Just wanted to post a follow-up to this. After working with TAC, we found a solution to my problem (AP's joining the wrong controller). In order to be sure we had the AP join the right controller, we created Access Lists in the GUI (Security, AP Policies). This worked great. Each controller only accepts certain AP's. Thanks to all for the help on this.
Ouch, that sounds like a quite uggly work-around. May work great if you have some controlelrs and some APs, but what if you have 20 controllers and 300 APs and still growng rapidly?
That would be a pain to manage, I think....
Anyway, that said, I am facing the exact same problem with access-points sometimes not joining the controller you would expect.
My setup is, DHCP option 43 provides the local controller address, DNS resolves to one controller address in a datacnetr which is also the guest anchor controller, then OTAP is disabled, and controllers are always in the server vlans (whilst the server vlans have no helper adresses or something, so the L3 broadcat is blocked and does not leave the vlan of the controller).
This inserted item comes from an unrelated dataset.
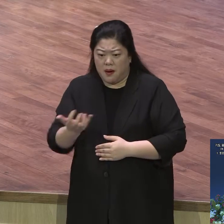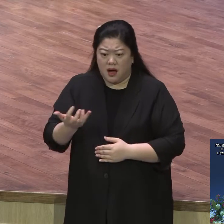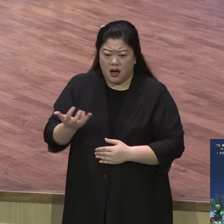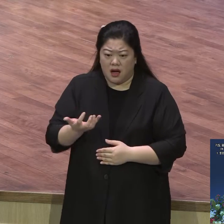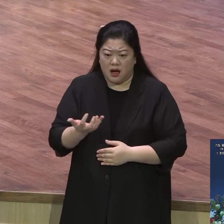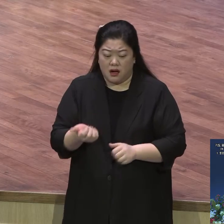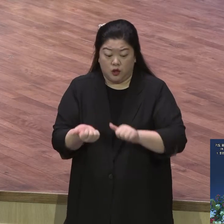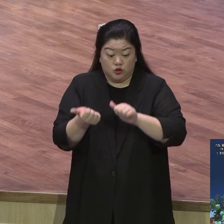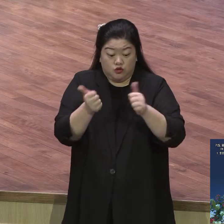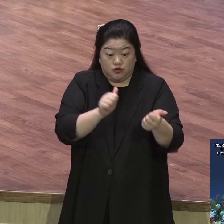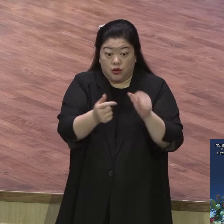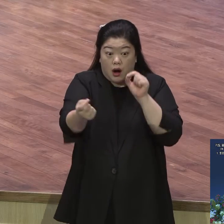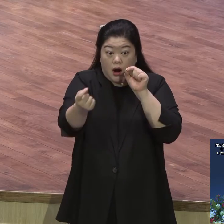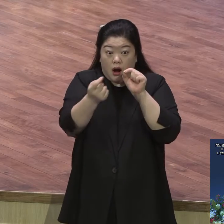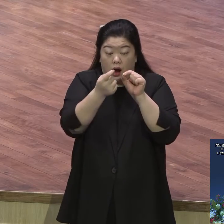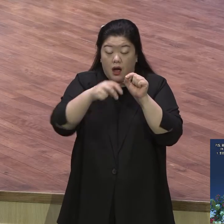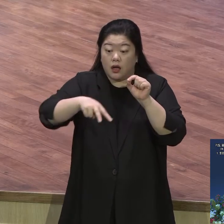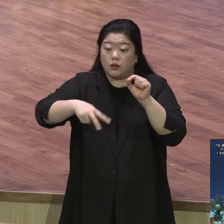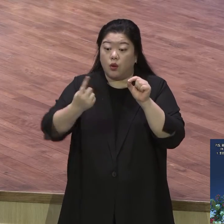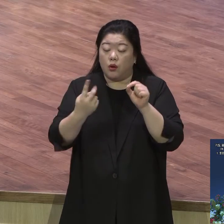어떻게 얼굴이 천사와 같습니까

APs are in different vlan.
The problem I am facing is similar, and worse. Sometimes when I have an AP that looses connection to it's controller, the AP homes to another controller. In most cases, that controller is in another country/location, and may have other country codes enabled, and may not even support the regulatory domain of the AP in question.
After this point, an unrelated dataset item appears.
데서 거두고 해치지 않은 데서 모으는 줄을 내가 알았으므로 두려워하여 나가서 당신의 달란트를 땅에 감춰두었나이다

Then, when the original controller comes back online, the AP does not go back to it's own controlelr (since it is not in the same mobility group), and resetting the AP brings it back to the original controller, but then the AP looses it's country settings, as when the AP joins a controller with the same regulatory domain as the AP itself, it seems to select the first enabled country code available in the domain.
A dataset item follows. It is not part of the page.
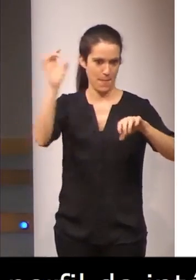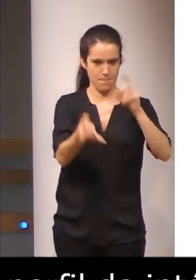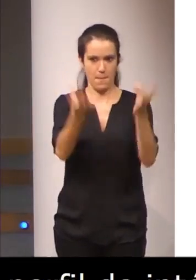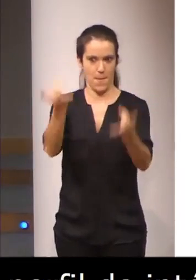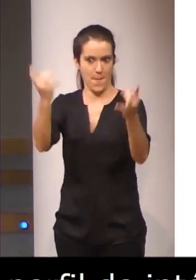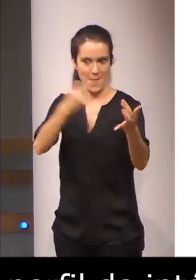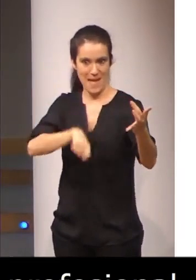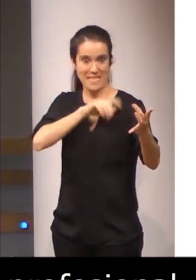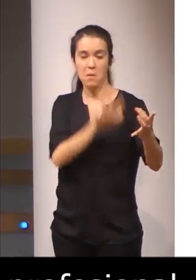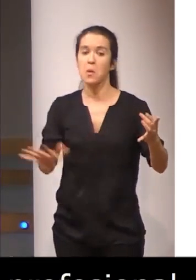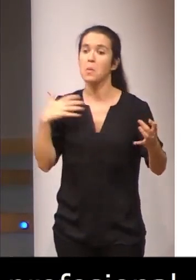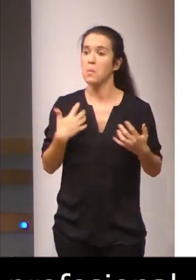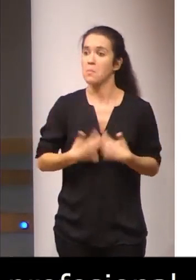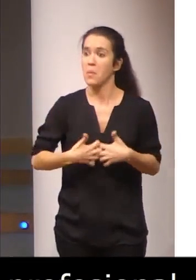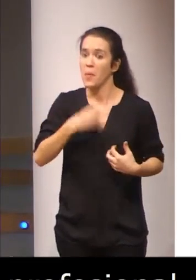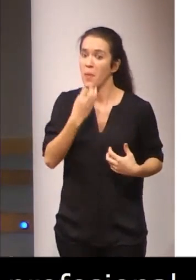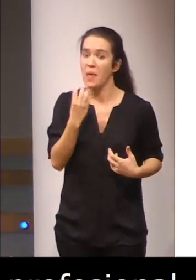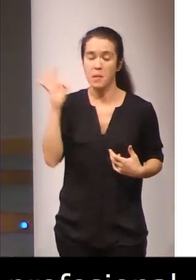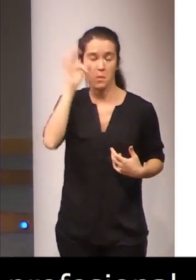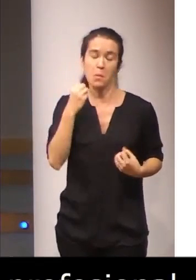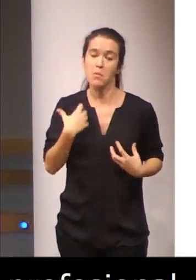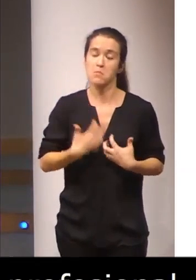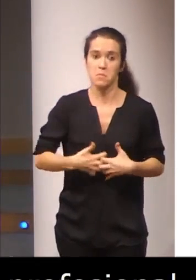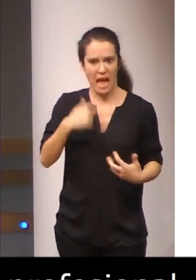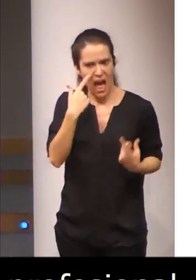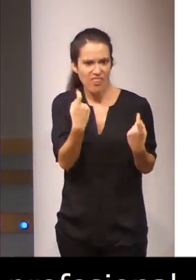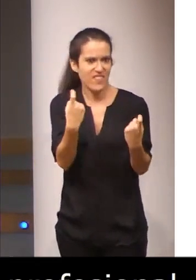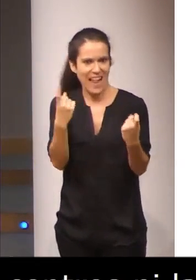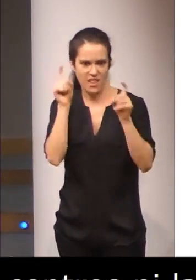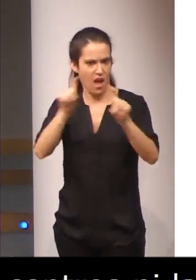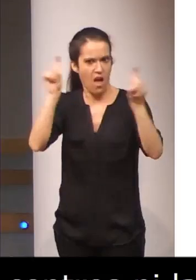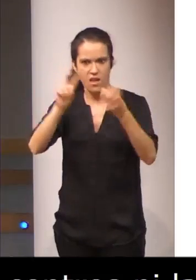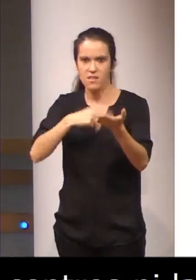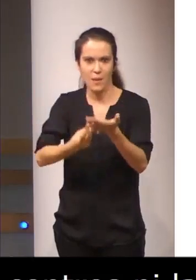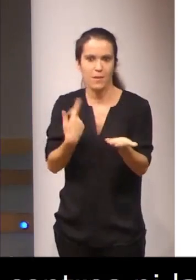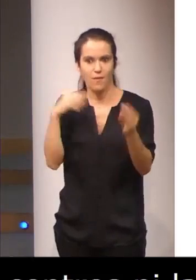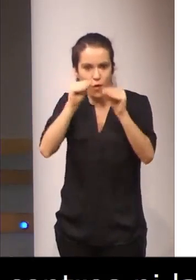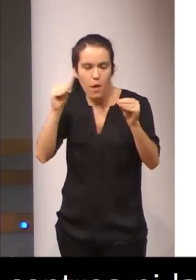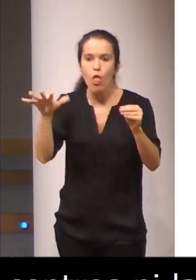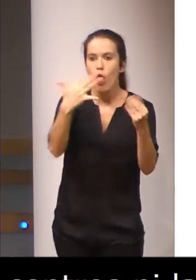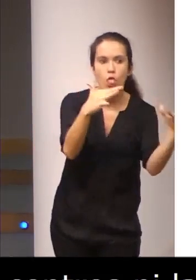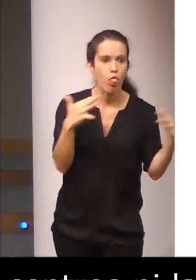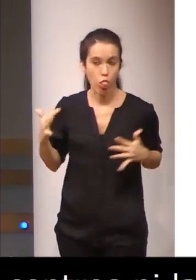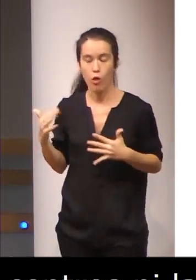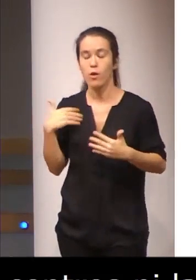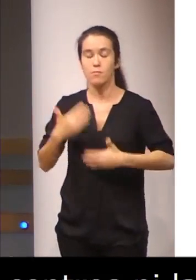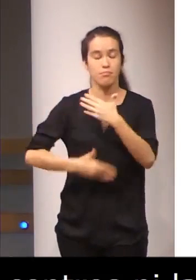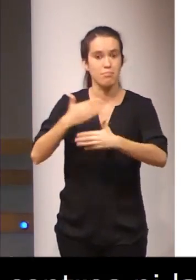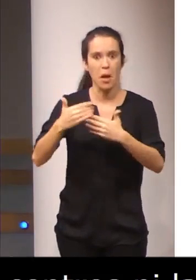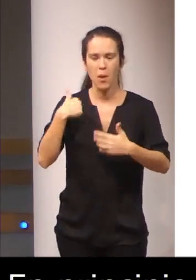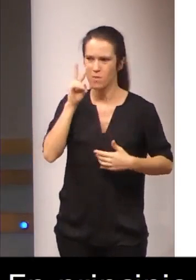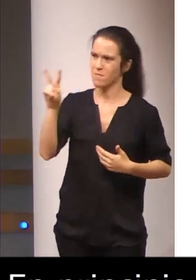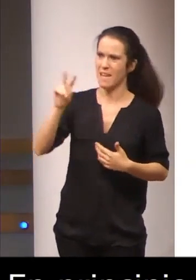todo esto iba bien. En principio, se consideraba que era necesario esta enseñanza para formar intérpretes. Sin embargo, en Europa,

In some case, this results in radios staying down, and have to manualyy re-eable the radios and set the correct country code from WCS.
Working with TAC, and even engineers that have been on-site, and reading to documents it seems the whol discovery and selection process has changed over the years with newer version, and seems that this has not been changed after 4.2.
However, one engineer stated it has changed in 5.2 (I am running the elatest 5.2 version) but no docs to support it.
Another engineer informed me that in the LWAPP discovery response from a controller, the controller sends all IPs of controllers in its mobility group that it knows of. If so, that would require mobility groups to be different for each location. Other engineers state this is not required.
A lot of discrepancies out there, IMHO.
Wish there would be one guru that could prefectly outline the whole discovery and selection proces, and provide supporting documents that show the explanation goes for 5.2
Just venting a bit ;-)
Call or email me (check my profile) - I can talk more with you about this stuff. I have some documentation about how the process works in pre 5.0 code, but I suspect the difference the engineers are talking about is the migration from LWAPP to CAPWAP (Control And Provisioning of Wireless Access Points), which is open standard.
Scott, the format of the option 43 command in IOS for the AP you are using is incorrect. It should be option 43 hex F1aabbccddee, where aa= hex value of the number of bytes to follow (04 for one IP address, 08 for two), where bbccddee are the hex values of each octet of the IP address of the Mang. Interface of the controller
Thanks for the reply. I'm aware of the HEX configuration for Option 43. I just did a quick re-read of the documentation for that and didn't realize that the option for ascii only applies to 1000 series APs!! Thanks!!